§ Work request: Please print only the top portion of the entries below, ending with the line that contains "0.702-8.158 2.118-1.553 1.419-2.332", exactly as written.

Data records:

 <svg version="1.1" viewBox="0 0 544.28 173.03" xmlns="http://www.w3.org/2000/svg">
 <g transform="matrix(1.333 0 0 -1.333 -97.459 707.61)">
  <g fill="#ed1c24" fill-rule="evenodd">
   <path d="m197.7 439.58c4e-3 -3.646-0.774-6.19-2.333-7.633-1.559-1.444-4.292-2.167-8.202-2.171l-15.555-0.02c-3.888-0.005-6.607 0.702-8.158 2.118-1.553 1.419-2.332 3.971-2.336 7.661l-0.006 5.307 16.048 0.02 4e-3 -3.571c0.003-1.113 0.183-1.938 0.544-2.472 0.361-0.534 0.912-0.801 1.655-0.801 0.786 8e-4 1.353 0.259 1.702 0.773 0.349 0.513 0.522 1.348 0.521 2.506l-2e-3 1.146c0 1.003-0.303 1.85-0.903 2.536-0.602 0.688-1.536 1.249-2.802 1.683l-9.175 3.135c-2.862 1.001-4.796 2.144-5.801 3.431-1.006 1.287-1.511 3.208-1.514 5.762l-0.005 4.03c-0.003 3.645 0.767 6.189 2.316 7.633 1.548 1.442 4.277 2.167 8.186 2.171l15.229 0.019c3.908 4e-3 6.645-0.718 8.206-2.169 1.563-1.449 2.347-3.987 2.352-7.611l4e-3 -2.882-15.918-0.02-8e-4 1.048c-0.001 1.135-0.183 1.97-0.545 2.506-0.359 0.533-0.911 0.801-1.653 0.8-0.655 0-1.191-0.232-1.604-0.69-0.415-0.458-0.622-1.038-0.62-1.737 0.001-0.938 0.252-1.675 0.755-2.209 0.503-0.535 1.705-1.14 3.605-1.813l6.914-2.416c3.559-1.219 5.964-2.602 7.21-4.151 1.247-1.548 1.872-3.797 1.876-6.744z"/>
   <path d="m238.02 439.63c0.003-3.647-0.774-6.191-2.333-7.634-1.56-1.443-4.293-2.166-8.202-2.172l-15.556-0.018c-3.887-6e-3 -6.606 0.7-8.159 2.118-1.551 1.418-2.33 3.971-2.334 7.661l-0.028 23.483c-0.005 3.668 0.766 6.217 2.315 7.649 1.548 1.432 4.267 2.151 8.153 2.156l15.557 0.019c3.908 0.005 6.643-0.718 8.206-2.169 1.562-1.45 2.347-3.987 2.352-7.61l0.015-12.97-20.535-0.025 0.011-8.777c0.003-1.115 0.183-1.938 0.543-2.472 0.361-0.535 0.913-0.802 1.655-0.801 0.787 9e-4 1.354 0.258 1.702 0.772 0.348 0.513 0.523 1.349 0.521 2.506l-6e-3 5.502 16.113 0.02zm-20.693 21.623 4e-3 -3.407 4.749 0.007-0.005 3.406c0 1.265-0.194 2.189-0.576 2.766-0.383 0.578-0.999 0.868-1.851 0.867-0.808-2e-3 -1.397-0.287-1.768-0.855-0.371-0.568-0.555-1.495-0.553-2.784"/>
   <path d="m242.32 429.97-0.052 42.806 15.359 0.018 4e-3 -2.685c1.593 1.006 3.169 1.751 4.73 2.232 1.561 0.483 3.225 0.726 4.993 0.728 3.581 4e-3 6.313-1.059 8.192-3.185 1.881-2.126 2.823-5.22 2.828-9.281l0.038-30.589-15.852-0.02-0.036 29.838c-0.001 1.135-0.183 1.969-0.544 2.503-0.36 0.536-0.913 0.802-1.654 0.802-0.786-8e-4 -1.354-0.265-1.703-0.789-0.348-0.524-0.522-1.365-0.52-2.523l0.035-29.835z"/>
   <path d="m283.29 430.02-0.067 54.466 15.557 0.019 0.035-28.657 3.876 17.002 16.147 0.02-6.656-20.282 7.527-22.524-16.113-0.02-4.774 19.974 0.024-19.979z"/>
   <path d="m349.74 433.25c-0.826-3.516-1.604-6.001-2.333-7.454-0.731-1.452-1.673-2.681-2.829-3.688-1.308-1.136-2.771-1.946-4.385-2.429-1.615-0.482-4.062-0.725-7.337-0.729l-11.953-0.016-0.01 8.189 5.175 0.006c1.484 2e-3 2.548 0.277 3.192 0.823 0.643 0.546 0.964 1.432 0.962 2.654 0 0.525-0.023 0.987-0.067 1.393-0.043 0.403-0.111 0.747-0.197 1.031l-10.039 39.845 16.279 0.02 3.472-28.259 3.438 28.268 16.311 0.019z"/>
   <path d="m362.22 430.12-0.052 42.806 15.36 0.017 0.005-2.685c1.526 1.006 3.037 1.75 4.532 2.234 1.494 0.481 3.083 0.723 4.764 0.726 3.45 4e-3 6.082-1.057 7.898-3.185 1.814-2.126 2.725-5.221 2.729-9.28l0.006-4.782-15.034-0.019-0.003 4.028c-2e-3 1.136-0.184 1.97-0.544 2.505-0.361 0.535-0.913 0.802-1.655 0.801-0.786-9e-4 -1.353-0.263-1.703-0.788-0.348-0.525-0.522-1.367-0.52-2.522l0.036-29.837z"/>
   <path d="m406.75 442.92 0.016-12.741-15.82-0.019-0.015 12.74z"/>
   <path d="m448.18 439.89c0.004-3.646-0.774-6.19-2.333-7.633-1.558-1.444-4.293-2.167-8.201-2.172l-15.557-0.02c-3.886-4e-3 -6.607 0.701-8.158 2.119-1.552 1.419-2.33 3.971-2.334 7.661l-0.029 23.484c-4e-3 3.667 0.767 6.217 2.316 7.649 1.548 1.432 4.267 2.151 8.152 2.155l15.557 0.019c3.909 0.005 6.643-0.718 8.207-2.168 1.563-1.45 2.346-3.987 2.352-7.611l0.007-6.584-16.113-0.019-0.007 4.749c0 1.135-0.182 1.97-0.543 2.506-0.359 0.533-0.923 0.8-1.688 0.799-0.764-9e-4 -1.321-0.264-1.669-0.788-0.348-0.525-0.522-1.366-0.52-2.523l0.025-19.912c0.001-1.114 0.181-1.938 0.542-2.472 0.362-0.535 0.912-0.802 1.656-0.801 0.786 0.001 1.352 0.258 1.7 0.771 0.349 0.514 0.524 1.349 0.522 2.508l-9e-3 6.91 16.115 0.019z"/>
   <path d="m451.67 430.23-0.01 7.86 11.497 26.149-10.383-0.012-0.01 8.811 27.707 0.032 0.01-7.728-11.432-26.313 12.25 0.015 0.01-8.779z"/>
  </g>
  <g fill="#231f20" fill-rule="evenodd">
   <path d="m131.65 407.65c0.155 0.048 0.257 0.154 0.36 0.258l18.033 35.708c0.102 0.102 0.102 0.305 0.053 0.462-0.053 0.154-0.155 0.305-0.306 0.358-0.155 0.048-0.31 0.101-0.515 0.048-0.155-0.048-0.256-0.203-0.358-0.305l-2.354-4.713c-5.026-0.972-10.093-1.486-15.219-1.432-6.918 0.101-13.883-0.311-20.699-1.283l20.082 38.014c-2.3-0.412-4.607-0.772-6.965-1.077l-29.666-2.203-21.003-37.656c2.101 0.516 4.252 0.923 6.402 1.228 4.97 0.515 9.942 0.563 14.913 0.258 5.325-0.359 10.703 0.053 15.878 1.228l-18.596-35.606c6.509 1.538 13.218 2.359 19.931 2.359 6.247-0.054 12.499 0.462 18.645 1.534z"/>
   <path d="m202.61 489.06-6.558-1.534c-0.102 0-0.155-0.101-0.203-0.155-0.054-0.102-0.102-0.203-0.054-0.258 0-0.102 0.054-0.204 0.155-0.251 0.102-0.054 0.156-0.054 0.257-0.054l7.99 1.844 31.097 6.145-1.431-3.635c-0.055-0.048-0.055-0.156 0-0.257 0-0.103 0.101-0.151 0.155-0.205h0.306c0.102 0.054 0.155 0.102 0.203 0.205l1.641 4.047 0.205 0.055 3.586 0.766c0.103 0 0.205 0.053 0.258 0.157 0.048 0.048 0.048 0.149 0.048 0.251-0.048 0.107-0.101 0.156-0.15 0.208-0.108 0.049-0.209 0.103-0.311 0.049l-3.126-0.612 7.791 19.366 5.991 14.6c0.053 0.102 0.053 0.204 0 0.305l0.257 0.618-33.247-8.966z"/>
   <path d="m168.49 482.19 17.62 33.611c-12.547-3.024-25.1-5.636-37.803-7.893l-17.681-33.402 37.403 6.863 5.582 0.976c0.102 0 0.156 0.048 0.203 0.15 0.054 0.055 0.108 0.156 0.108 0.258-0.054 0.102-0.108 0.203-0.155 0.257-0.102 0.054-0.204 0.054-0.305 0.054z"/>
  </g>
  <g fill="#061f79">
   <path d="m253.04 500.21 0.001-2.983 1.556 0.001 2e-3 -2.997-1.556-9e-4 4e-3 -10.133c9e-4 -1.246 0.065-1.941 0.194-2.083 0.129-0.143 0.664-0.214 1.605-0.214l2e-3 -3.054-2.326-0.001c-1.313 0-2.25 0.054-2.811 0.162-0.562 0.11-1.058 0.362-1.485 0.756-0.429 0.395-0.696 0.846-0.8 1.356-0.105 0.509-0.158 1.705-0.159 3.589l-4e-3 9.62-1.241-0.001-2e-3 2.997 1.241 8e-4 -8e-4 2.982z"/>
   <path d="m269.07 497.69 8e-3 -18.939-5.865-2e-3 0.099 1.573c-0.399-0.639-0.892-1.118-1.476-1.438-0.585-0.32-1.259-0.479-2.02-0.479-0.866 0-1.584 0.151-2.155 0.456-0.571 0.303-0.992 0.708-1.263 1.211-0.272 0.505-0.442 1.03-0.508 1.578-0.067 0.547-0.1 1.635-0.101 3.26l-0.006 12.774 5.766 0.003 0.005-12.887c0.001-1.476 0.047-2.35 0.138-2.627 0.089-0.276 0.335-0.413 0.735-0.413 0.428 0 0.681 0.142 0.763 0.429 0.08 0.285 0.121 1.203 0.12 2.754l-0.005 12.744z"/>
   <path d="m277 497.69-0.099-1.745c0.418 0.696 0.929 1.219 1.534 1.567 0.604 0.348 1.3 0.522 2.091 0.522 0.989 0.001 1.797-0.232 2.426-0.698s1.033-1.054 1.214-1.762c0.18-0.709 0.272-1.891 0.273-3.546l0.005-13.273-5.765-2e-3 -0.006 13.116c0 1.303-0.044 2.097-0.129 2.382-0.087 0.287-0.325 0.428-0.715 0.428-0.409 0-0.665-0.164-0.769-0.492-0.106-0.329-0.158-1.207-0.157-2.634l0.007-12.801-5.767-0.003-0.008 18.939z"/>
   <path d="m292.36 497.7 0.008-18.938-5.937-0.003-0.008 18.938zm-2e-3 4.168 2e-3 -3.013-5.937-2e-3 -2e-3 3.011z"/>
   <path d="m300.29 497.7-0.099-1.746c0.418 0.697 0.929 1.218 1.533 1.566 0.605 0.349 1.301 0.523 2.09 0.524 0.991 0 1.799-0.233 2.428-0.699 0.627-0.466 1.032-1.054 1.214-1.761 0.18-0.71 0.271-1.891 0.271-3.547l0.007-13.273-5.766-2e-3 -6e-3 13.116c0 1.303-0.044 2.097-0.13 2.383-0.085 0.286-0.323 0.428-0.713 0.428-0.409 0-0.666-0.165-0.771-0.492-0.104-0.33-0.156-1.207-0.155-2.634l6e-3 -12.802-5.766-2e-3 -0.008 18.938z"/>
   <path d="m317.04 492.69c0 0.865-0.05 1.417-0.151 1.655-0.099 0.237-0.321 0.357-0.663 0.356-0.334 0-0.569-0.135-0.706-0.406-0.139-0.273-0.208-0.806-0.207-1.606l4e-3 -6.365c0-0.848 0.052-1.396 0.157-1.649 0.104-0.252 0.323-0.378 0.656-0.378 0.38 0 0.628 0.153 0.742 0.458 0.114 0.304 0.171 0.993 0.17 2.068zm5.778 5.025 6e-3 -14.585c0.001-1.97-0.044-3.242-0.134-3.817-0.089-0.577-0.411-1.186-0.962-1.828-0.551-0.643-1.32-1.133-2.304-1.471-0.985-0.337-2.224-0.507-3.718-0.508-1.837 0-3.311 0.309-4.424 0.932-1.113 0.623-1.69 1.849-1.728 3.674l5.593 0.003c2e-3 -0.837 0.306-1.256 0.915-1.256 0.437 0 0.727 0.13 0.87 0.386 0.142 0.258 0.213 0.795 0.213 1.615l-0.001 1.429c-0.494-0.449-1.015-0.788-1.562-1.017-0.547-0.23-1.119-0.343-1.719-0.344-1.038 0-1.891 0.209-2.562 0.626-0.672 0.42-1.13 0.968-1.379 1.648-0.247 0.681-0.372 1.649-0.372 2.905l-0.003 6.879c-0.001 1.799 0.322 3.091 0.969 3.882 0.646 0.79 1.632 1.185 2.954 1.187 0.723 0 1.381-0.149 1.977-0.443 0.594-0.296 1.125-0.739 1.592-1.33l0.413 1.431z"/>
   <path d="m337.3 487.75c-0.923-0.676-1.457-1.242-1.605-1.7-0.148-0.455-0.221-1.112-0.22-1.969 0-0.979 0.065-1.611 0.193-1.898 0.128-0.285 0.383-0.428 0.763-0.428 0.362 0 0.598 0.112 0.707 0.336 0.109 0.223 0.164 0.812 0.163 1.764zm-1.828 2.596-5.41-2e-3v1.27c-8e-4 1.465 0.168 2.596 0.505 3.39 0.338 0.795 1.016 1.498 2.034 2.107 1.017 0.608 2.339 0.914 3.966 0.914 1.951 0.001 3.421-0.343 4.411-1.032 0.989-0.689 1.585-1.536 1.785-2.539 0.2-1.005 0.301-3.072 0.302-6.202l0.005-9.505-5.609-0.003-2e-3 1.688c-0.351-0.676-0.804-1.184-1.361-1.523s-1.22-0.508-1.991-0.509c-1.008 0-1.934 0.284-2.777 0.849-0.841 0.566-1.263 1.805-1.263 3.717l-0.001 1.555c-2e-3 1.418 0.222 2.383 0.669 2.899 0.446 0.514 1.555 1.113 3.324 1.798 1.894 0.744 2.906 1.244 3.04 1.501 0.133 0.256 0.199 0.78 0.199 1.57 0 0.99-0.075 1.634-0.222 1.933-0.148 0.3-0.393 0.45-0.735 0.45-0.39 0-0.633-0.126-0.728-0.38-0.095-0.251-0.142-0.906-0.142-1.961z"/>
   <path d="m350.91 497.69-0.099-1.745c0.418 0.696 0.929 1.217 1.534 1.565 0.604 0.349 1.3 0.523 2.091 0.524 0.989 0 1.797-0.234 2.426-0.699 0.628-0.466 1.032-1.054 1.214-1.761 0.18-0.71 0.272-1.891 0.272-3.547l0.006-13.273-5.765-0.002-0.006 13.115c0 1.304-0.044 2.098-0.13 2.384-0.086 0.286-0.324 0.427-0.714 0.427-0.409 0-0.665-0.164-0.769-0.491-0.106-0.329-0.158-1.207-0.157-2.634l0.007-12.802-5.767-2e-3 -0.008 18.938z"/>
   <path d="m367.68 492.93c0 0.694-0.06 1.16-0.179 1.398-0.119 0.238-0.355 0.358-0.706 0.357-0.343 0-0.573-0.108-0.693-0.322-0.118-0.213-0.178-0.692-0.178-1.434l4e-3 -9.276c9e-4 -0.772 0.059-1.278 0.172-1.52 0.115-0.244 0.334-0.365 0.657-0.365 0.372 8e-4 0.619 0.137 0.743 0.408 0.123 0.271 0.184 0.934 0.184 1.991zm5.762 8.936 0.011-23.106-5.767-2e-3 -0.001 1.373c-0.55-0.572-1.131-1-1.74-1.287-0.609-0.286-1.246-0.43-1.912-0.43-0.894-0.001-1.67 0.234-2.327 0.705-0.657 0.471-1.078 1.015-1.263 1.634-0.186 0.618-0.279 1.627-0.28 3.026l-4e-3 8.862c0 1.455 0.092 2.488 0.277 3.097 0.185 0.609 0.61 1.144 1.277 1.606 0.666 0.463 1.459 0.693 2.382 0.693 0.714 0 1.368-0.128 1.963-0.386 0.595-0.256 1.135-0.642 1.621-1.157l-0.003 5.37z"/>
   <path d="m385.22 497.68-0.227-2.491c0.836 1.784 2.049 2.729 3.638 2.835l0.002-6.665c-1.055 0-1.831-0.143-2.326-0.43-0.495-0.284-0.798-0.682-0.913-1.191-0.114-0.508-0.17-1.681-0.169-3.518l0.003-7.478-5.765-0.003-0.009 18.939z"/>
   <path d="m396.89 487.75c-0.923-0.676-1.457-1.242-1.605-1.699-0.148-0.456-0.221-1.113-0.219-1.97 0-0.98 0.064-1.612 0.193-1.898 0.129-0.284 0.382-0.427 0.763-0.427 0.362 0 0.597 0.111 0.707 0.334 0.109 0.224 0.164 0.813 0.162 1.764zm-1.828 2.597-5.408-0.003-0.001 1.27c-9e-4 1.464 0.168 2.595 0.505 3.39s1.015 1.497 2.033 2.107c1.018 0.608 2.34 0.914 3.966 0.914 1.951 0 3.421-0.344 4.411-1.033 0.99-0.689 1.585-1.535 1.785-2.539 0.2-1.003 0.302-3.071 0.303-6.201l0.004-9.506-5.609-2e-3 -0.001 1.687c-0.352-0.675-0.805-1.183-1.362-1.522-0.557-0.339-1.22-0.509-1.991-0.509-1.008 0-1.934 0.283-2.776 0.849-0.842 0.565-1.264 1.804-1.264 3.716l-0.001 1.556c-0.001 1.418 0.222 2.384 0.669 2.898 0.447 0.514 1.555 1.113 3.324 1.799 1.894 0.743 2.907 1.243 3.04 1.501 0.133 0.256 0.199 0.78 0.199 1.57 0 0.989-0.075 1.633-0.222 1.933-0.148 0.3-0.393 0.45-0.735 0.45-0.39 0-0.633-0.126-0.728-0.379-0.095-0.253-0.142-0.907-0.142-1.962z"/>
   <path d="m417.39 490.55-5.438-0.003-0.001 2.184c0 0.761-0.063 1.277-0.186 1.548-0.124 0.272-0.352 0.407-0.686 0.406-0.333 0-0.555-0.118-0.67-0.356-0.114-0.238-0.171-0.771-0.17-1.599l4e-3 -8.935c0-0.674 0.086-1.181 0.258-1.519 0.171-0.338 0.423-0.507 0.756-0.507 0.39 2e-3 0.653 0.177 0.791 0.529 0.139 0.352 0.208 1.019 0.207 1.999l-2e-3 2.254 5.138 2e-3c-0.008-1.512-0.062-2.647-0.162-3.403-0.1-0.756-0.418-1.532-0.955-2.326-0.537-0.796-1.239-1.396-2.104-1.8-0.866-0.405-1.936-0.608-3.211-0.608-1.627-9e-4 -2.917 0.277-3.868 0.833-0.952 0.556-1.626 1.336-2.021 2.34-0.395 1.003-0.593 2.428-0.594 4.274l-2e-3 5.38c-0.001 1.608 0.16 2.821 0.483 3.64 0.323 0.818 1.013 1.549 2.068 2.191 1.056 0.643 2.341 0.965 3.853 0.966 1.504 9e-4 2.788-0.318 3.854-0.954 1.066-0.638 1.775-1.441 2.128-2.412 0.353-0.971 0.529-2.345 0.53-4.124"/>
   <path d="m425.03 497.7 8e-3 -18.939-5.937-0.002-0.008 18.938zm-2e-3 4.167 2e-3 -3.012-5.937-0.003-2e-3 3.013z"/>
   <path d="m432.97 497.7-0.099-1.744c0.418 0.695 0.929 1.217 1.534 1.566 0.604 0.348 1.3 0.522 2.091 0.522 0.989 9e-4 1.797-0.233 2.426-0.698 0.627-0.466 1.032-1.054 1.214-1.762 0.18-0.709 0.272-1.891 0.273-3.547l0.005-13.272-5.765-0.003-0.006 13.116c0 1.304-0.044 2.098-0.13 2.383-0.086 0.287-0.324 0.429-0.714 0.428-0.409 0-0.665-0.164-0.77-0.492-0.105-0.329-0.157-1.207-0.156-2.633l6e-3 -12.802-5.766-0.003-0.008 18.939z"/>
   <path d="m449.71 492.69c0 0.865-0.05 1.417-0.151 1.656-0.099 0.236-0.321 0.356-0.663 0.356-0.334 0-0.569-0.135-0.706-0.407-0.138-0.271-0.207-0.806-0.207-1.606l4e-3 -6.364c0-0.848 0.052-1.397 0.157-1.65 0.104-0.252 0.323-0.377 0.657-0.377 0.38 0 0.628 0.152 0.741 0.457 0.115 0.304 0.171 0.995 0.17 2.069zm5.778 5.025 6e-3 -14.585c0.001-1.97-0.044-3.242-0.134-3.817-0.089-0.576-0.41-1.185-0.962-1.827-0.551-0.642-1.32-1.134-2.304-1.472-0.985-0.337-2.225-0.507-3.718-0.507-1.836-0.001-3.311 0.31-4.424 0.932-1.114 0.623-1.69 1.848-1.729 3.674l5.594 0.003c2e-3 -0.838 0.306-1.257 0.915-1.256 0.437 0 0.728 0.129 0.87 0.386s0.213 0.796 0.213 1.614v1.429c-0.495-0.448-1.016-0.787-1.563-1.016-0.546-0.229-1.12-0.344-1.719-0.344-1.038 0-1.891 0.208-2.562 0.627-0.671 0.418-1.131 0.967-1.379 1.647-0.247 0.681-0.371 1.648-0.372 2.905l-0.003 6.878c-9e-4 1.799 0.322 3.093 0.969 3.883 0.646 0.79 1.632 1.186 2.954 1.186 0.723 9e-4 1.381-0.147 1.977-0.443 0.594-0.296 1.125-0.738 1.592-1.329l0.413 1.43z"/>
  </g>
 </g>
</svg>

§ Solution for this exercise:
 <svg version="1.1" viewBox="0 0 544.28 173.03" xmlns="http://www.w3.org/2000/svg">
 <g transform="matrix(1.333 0 0 -1.333 -97.459 707.61)">
  <g fill="#ed1c24" fill-rule="evenodd">
   <path d="m197.7 439.58c4e-3 -3.646-0.774-6.19-2.333-7.633-1.559-1.444-4.292-2.167-8.202-2.171l-15.555-0.02c-3.888-0.005-6.607 0.702-8.158 2.118-1.553 1.419-2.332 3.971-2.336 7.661l-0.006 5.307 16.048 0.02 4e-3 -3.571c0.003-1.113 0.183-1.938 0.544-2.472 0.361-0.534 0.912-0.801 1.655-0.801 0.786 8e-4 1.353 0.259 1.702 0.773 0.349 0.513 0.522 1.348 0.521 2.506l-2e-3 1.146c0 1.003-0.303 1.85-0.903 2.536-0.602 0.688-1.536 1.249-2.802 1.683l-9.175 3.135c-2.862 1.001-4.796 2.144-5.801 3.431-1.006 1.287-1.511 3.208-1.514 5.762l-0.005 4.03c-0.003 3.645 0.767 6.189 2.316 7.633 1.548 1.442 4.277 2.167 8.186 2.171l15.229 0.019c3.908 4e-3 6.645-0.718 8.206-2.169 1.563-1.449 2.347-3.987 2.352-7.611l4e-3 -2.882-15.918-0.02-8e-4 1.048c-0.001 1.135-0.183 1.97-0.545 2.506-0.359 0.533-0.911 0.801-1.653 0.8-0.655 0-1.191-0.232-1.604-0.69-0.415-0.458-0.622-1.038-0.62-1.737 0.001-0.938 0.252-1.675 0.755-2.209 0.503-0.535 1.705-1.14 3.605-1.813l6.914-2.416c3.559-1.219 5.964-2.602 7.21-4.151 1.247-1.548 1.872-3.797 1.876-6.744z"/>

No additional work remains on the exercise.